The Treasury argues that Congress has precluded review of its actions with respect to the offsetting of federal income tax refunds. Under 26 U.S.C. § 6402(f),
No court of the United States shall have jurisdiction to hear any action, whether legal or equitable, brought to restrain or review a reduction [of a federal income tax refund]. . . . This subsection does not preclude any legal, equitable, or administrative action against the Federal agency . . . to which the amount of such reduction was paid This statute obviates the courts' subject matter jurisdiction over cases in which "plaintiffs seek review of the United States' interception and reduction of the plaintiffs' tax refunds."Satorius v. United States Dept. of Treasury, 671 F. Supp. 592, 594 (E. D. Wis. 1987).
Albert's claim against the Treasury falls squarely within this jurisdictional limit. The only activity of the Treasury challenged by Albert is its processing of his offset. While Albert contends that this leads to an unconstitutional result, the Court disagrees.

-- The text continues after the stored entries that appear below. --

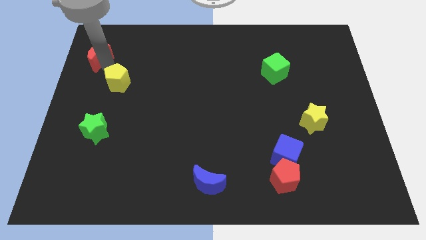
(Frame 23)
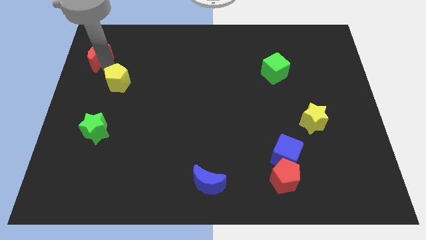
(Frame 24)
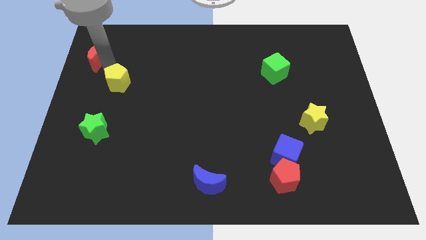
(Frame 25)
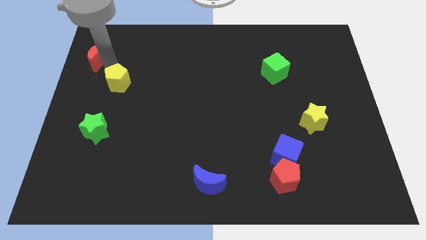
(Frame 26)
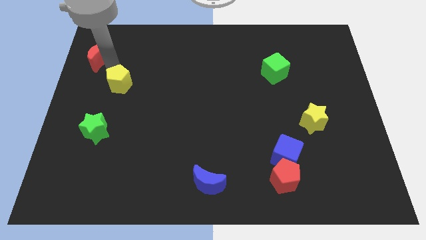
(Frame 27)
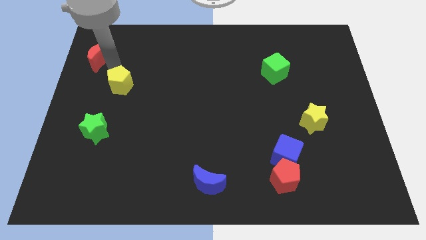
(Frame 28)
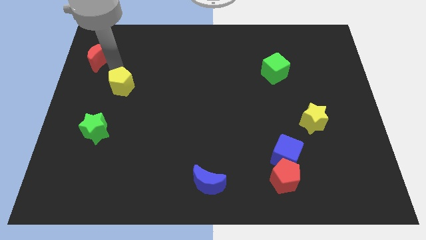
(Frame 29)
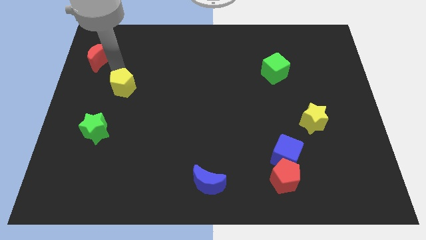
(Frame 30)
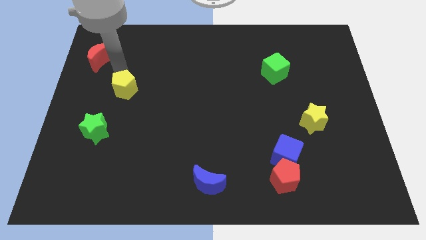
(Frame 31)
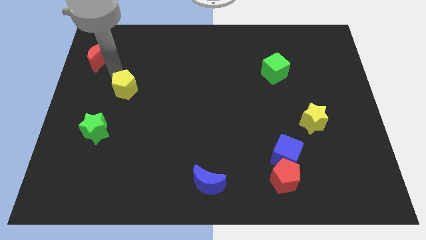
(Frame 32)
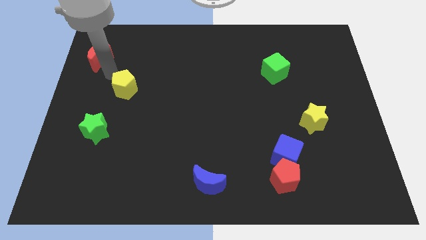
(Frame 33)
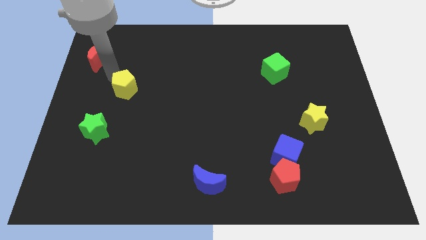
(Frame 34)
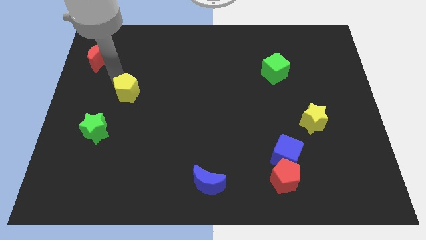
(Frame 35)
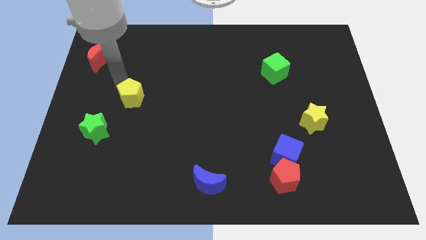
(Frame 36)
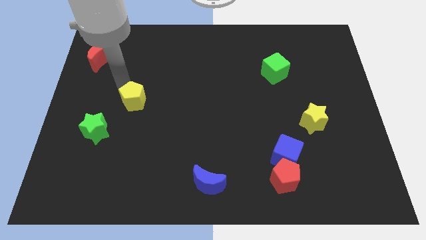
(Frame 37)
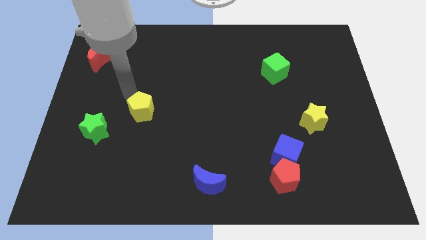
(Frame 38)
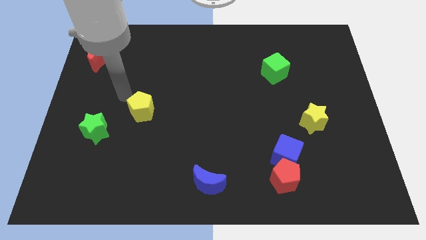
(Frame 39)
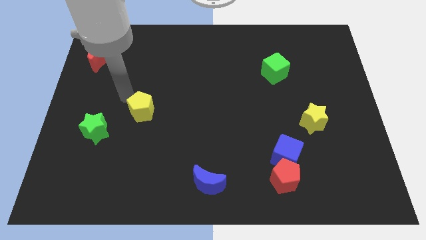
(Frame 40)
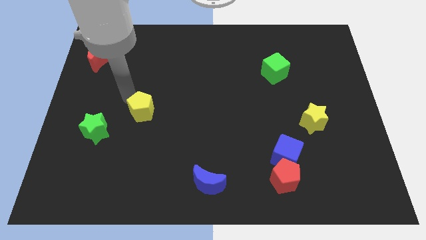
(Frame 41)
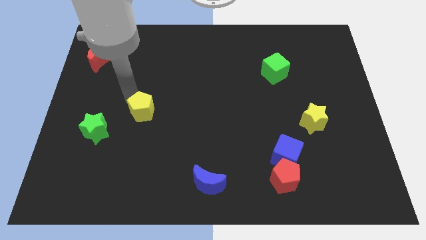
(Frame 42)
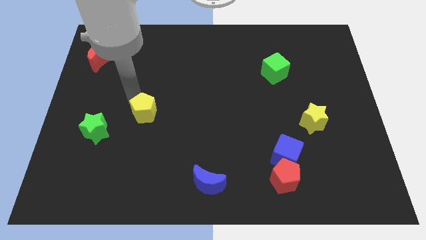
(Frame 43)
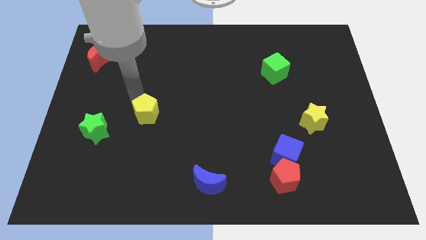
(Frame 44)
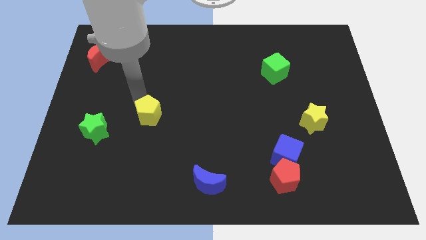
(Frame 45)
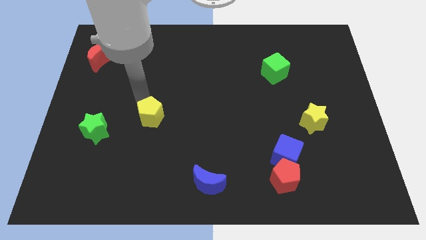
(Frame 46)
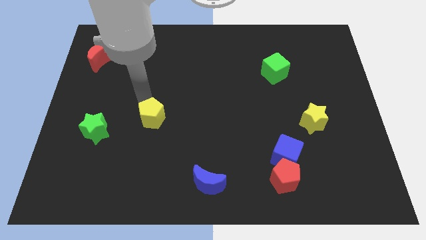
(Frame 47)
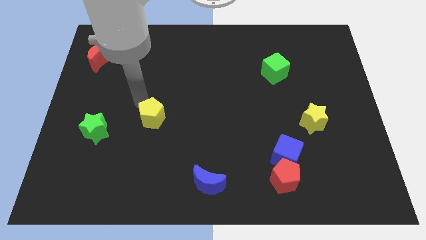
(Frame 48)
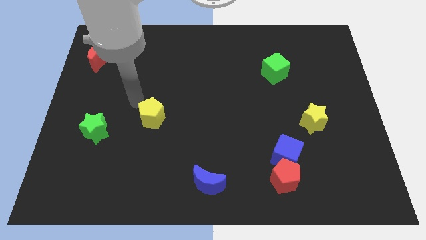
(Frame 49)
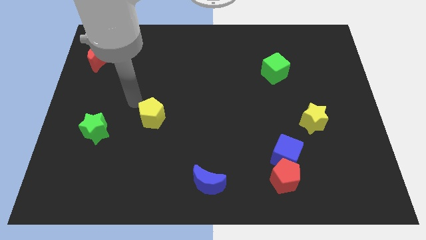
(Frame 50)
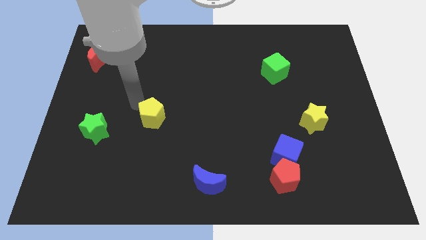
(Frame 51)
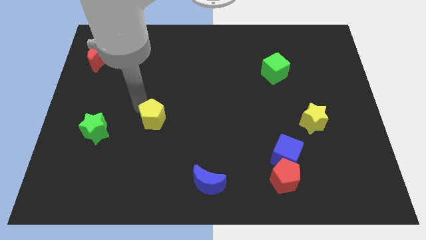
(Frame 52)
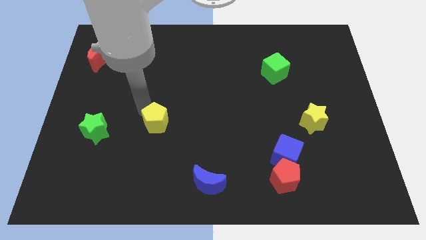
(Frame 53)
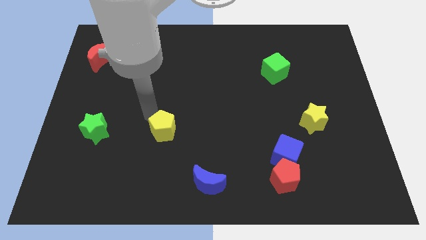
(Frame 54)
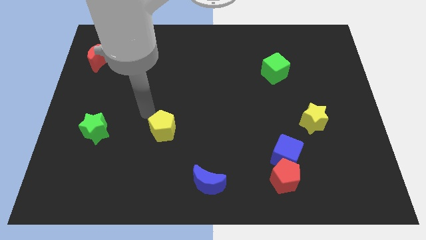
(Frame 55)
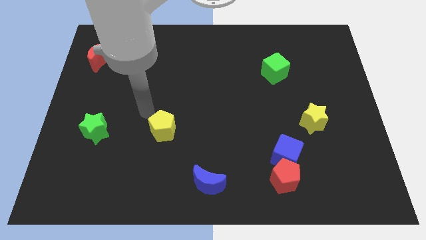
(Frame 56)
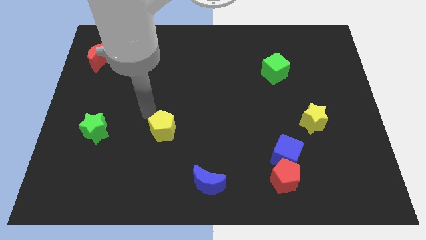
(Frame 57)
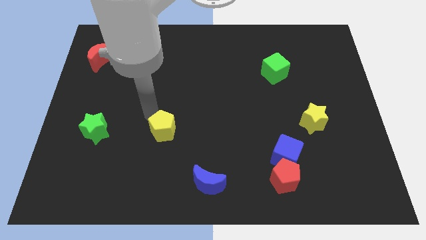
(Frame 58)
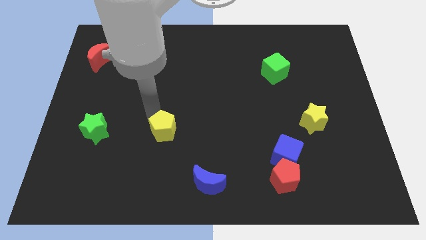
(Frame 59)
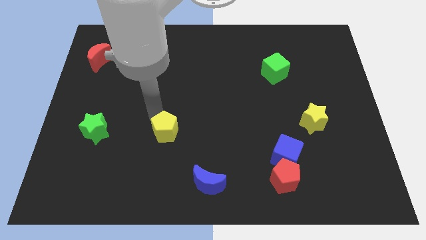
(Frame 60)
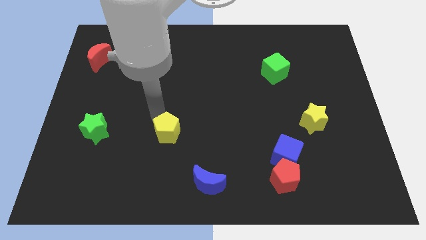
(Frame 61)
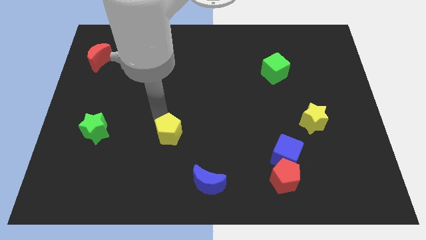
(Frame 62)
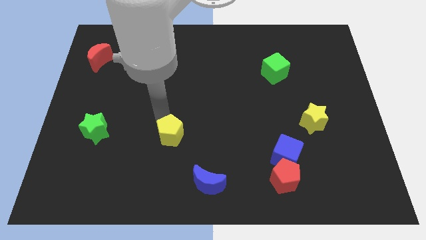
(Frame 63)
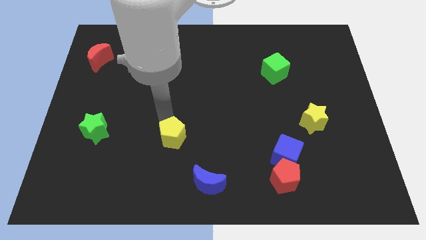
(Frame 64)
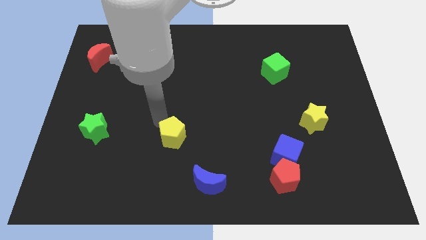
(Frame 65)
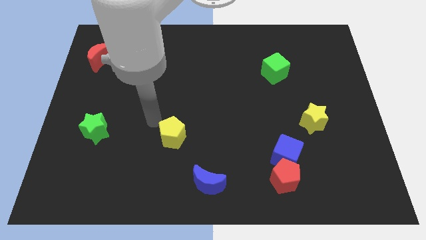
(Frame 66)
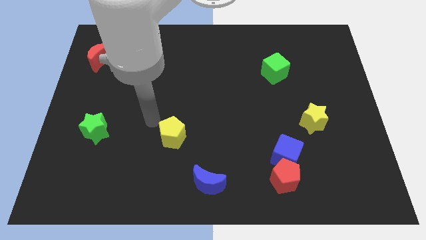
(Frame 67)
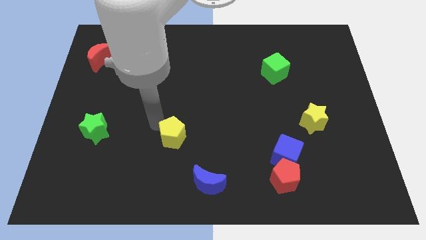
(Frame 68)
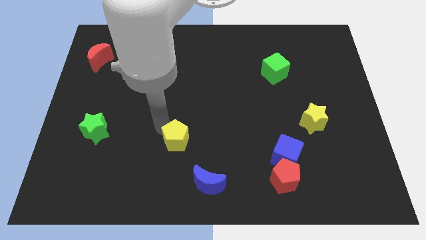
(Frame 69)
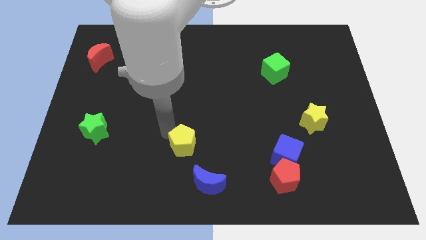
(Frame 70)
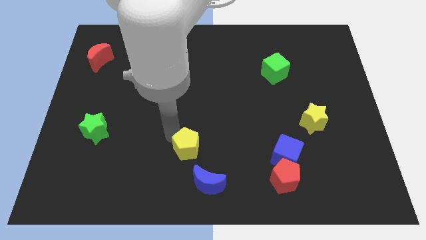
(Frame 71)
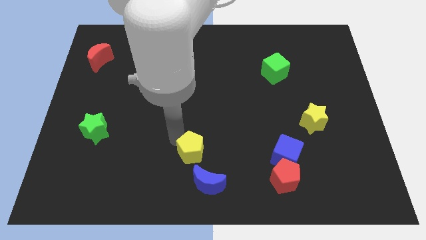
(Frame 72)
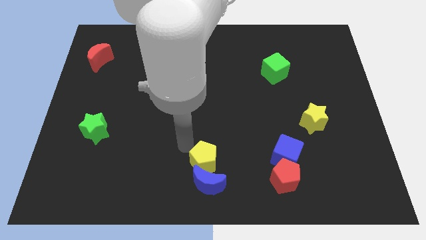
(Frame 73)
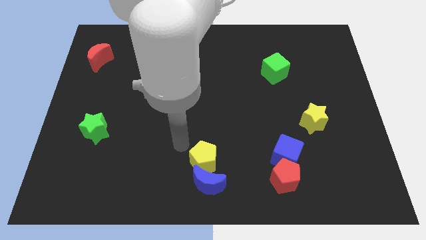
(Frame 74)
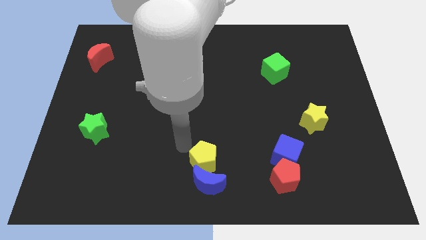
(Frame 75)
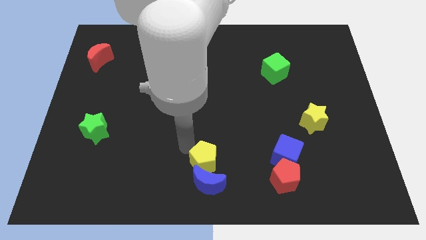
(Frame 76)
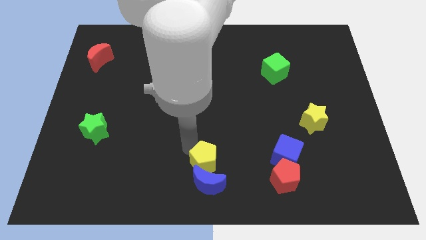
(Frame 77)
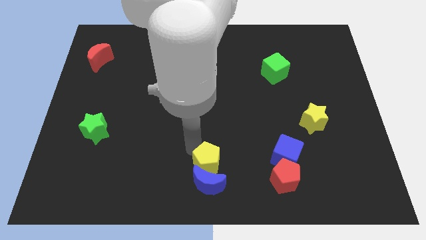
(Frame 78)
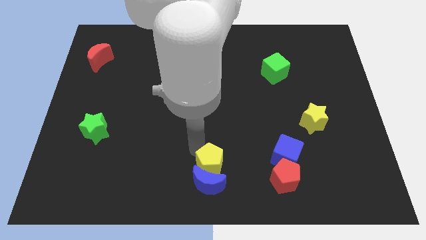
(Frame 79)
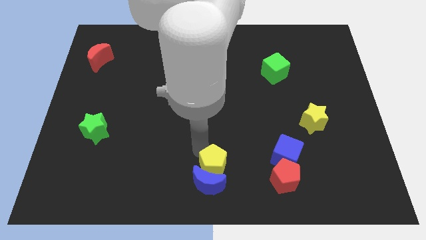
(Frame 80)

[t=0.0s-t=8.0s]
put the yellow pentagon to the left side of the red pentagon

To function efficiently, the tax intercept program must avoid the administrative burden of subjecting the Secretary of Treasury to challenges concerning refunds . . . . The tax intercept program's limits on jurisdiction to suits against the agency to which the debt is owed is not unconstitutional because the program provides access to a judicial challenge to government interception of overpayments. Restricting judicial review while the debt is processed, so long as it affords to those affected reasonable opportunity to be heard and present evidence, does not offend against due process.Richardson v. Baker, 663 F. Supp. 651, 654-55 (S.D.N.Y. 1987).
Albert asserts that dismissal would violate: (1) 26 U.S.C. § 7482; (2) 42 U.S.C. § 1983; and (3) The Seventh Amendment to the United States Constitution. None of these provisions is relevant. Section 7482, which grants exclusive jurisdiction to the United States Courts of Appeals to review Tax Court decisions, does not apply to this action. Likewise, § 1983 and the Seventh Amendment have no bearing here.
Albert remains free to pursue any and all remedies he may have against "the Federal agency . . . to which the amount of such [income tax refund] reduction was paid." 26 U.S.C. § 6402(f). He may not, however, point the guns of this lawsuit against the Treasury.
Conclusion
Based on the foregoing, and all of the files, records and proceedings herein, IT IS ORDERED that Defendant United States Department of the Treasury's Motion to Dismiss (Doc. No. 5) is GRANTED. The Complaint (Doc. No. 1) against Defendant United States Department of the Treasury is DISMISSED WITH PREJUDICE.